Questions fréquentes

Que se passe-t-il si le TEG n'est pas mentionné dans mon contrat de crédit ?
Si le TEG n'est pas mentionné dans l'offre de contrat de crédit à la consommation, le prêteur peut être déchu du droit aux intérêts. Cela signifie qu'il ne pourra réclamer que le capital restant dû, sans intérêts.
Puis-je demander la déchéance du droit aux intérêts si le taux n'est pas indiqué ?

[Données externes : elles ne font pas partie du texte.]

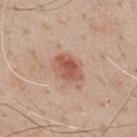Case summary:
• image source — ~15 mm tile from a whole-body skin photo
• subject — male, aged around 55
• site — the chest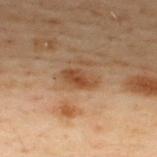Clinical impression: No biopsy was performed on this lesion — it was imaged during a full skin examination and was not determined to be concerning. Context: A male patient, aged around 50. The lesion is located on the upper back. This is a cross-polarized tile. A lesion tile, about 15 mm wide, cut from a 3D total-body photograph.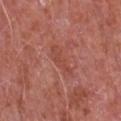| field | value |
|---|---|
| location | the chest |
| imaging modality | ~15 mm tile from a whole-body skin photo |
| lighting | white-light illumination |
| subject | male, about 65 years old |
| TBP lesion metrics | a footprint of about 6 mm² and two-axis asymmetry of about 0.35; a lesion color around L≈48 a*≈28 b*≈29 in CIELAB, roughly 6 lightness units darker than nearby skin, and a lesion-to-skin contrast of about 5 (normalized; higher = more distinct); border irregularity of about 4 on a 0–10 scale and peripheral color asymmetry of about 0.5; a classifier nevus-likeness of about 0/100 and a detector confidence of about 90 out of 100 that the crop contains a lesion |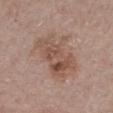The patient is a male aged 83 or older.
The lesion's longest dimension is about 6.5 mm.
The lesion is on the chest.
A 15 mm close-up extracted from a 3D total-body photography capture.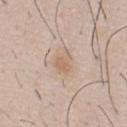| key | value |
|---|---|
| follow-up | catalogued during a skin exam; not biopsied |
| image-analysis metrics | a lesion area of about 4.5 mm² and an outline eccentricity of about 0.7 (0 = round, 1 = elongated); a lesion color around L≈63 a*≈16 b*≈30 in CIELAB and a lesion-to-skin contrast of about 6 (normalized; higher = more distinct); a border-irregularity rating of about 3/10, internal color variation of about 2 on a 0–10 scale, and a peripheral color-asymmetry measure near 0.5; a nevus-likeness score of about 40/100 and a lesion-detection confidence of about 100/100 |
| location | the front of the torso |
| lighting | white-light |
| size | ~3 mm (longest diameter) |
| patient | male, roughly 40 years of age |
| acquisition | 15 mm crop, total-body photography |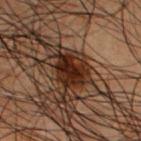Assessment: Imaged during a routine full-body skin examination; the lesion was not biopsied and no histopathology is available. Background: This is a cross-polarized tile. Measured at roughly 5.5 mm in maximum diameter. A 15 mm close-up extracted from a 3D total-body photography capture. The lesion-visualizer software estimated an area of roughly 17 mm², an outline eccentricity of about 0.6 (0 = round, 1 = elongated), and two-axis asymmetry of about 0.3. It also reported a lesion color around L≈20 a*≈15 b*≈20 in CIELAB and roughly 10 lightness units darker than nearby skin. The software also gave a border-irregularity rating of about 4/10 and internal color variation of about 6 on a 0–10 scale. A male patient aged around 50. Located on the chest.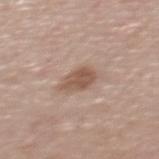Clinical impression: The lesion was tiled from a total-body skin photograph and was not biopsied. Image and clinical context: The lesion's longest dimension is about 3.5 mm. This image is a 15 mm lesion crop taken from a total-body photograph. The lesion is on the mid back. A female subject, aged 48 to 52. The tile uses white-light illumination. Automated tile analysis of the lesion measured a lesion area of about 6 mm², a shape eccentricity near 0.7, and a symmetry-axis asymmetry near 0.2. The analysis additionally found internal color variation of about 2.5 on a 0–10 scale and a peripheral color-asymmetry measure near 1. It also reported a nevus-likeness score of about 70/100 and a lesion-detection confidence of about 100/100.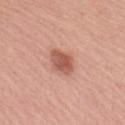<tbp_lesion>
<biopsy_status>not biopsied; imaged during a skin examination</biopsy_status>
<patient>
  <sex>female</sex>
  <age_approx>55</age_approx>
</patient>
<lighting>white-light</lighting>
<lesion_size>
  <long_diameter_mm_approx>3.0</long_diameter_mm_approx>
</lesion_size>
<image>
  <source>total-body photography crop</source>
  <field_of_view_mm>15</field_of_view_mm>
</image>
<site>arm</site>
</tbp_lesion>

Oui, vous pouvez demander la déchéance du droit aux intérêts devant le juge si l'offre de contrat ne comporte pas le TEG. Le juge peut prononcer cette sanction sur le fondement de l'article L.312-12 du code de la consommation.
Quel est le recours si l'offre de prêt ne contient pas le taux effectif global ?
Vous pouvez assigner le prêteur en justice pour obtenir la déchéance du droit aux intérêts. Le juge examinera si l'offre est conforme aux exigences légales et, le cas échéant, prononcera la déchéance.
Le prêteur peut-il réclamer les intérêts si le TEG est absent ?
Non, si le TEG est absent, le prêteur ne peut pas réclamer les intérêts. Il est déchu de son droit aux intérêts et ne peut exiger que le capital restant dû.
Quelle est la sanction pour absence de TEG dans un crédit à la consommation ?
La sanction est la déchéance du droit aux intérêts, ce qui prive le prêteur de tous les intérêts contractuels. Il ne peut réclamer que le capital restant dû.
Comment obtenir la déchéance du droit aux intérêts ?
Pour obtenir la déchéance, vous devez saisir le juge (par exemple, le tribunal judiciaire) et démontrer que l'offre de contrat ne mentionne pas le TEG. Le juge prononcera la déchéance si la preuve est rapportée.